2. A time modification system as claimed in claim 1, wherein the
duration modification module is adapted to change the duration of
the input signal or a delayed version thereof, and to maintain
input signal spectral characteristics.
3. A time modification system as claimed in claim 1, wherein the
duration modification module is adapted to re-sample the input
signal or a delayed version thereof, to a lower sample rate than
the rate of the input signal.
4. A time modification system as claimed in claim 1, wherein the
input signal is an audio signal.
5. A system for blending signals comprising a time modification
system as claimed in claim 1, adapted to receive a first input
signal or a delayed version thereof, and providing a time-modified
output signal, a second switch adapted to select either the
modified output signal or a second input signal and to provide an
output blended signal.
6. A system for blending signals as claimed in claim 5 further
comprising a control unit adapted to provide a first control signal
for controlling the duration modification module, a second control
signal for controlling the first switch, and a third control signal
for controlling the second switch.
7. A method for time modifying an input signal comprising a series
of digital samples, the method comprising steps of delaying the
input signal and providing a delayed output signal, time-modifying
the input signal or a delayed version thereof, providing a modified
output signal; determining if a target delay has been reached; and
selecting either the delayed output signal or the modified output
signal and transmitting it to an output.
8. A method for time modifying an input signal as claimed in claim
7 further comprising the steps of receiving a second signal,
providing a second control signal for selecting either a
time-modified output signal, or the second signal.
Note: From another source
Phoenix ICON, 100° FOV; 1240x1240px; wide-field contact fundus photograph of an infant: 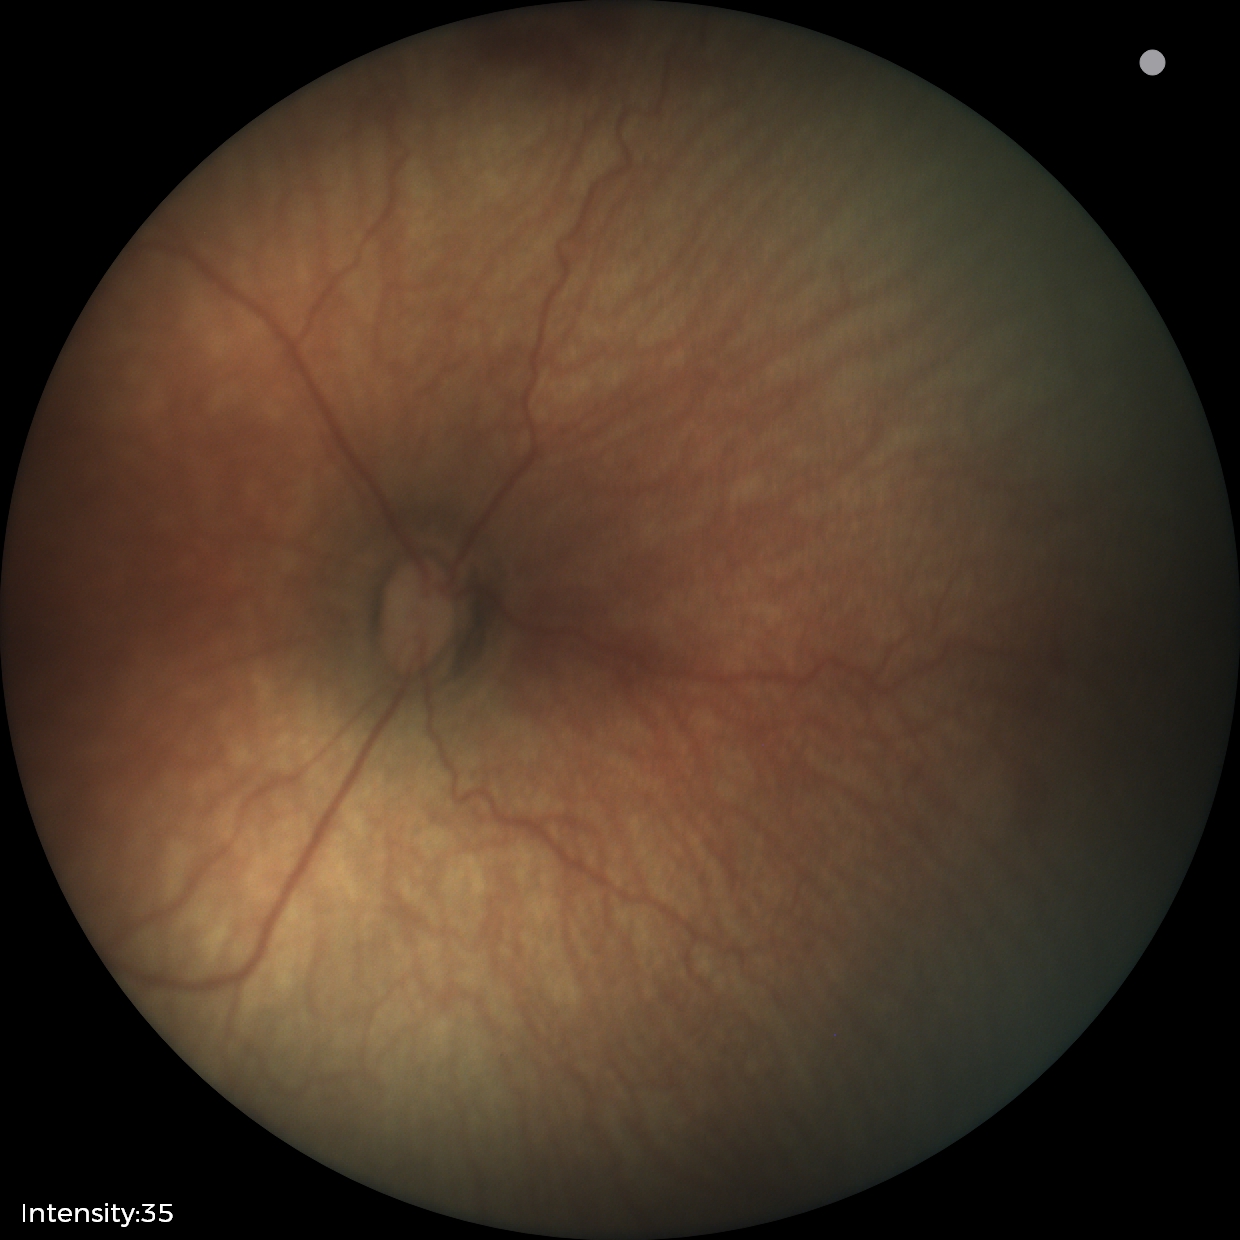
Assessment: retinopathy of prematurity stage 0 | no plus disease.

9. A receiver comprising a system for blending audio signals as
claimed in claim 5.
10. Use of a method for time modifying an input signal in a
receiver as claimed in claim 7 in a car radio receiver.
11. A computer program implementing the method of claim 7.
Description
FIELD OF THE INVENTION
[0001] The invention relates to the field of digital signal
processing and particularly to blending the samples of a digitized
signal and particularly it relates to audio signals.
[0002] The digital transmission broadcasts multiplied lately both
for radio and video applications. However, they coexist with the
classical analog broadcasting stations which transmit analog
broadcast. It is often the case in audio signal transmissions that
the same content is transmitted by different broadcasters, possibly
using different radio standards (such as AM, FM, DAB, etc.). As an
example, many radio stations that transmit digital radio also
transmit the same program in an analog manner i.e. AM or FM. For
the In-Band-On-Channel (IBOC) HD Radio.TM. system, the digital and
analog broadcasts are centered on the same frequency, while for the
Eureka 147 Digital Audio Broadcasting (DAB) system the transmission
of the digital radio program is on a different frequency than the
corresponding analog FM or AM ones. The audio signals which are
available from different transmission stations may not be
time-aligned, due to different delays through the different aerial
paths different types of processing, and buffering in the digital
standards. For example, the audio signal coming from a DAB
broadcast lags behind that coming from an FM broadcast.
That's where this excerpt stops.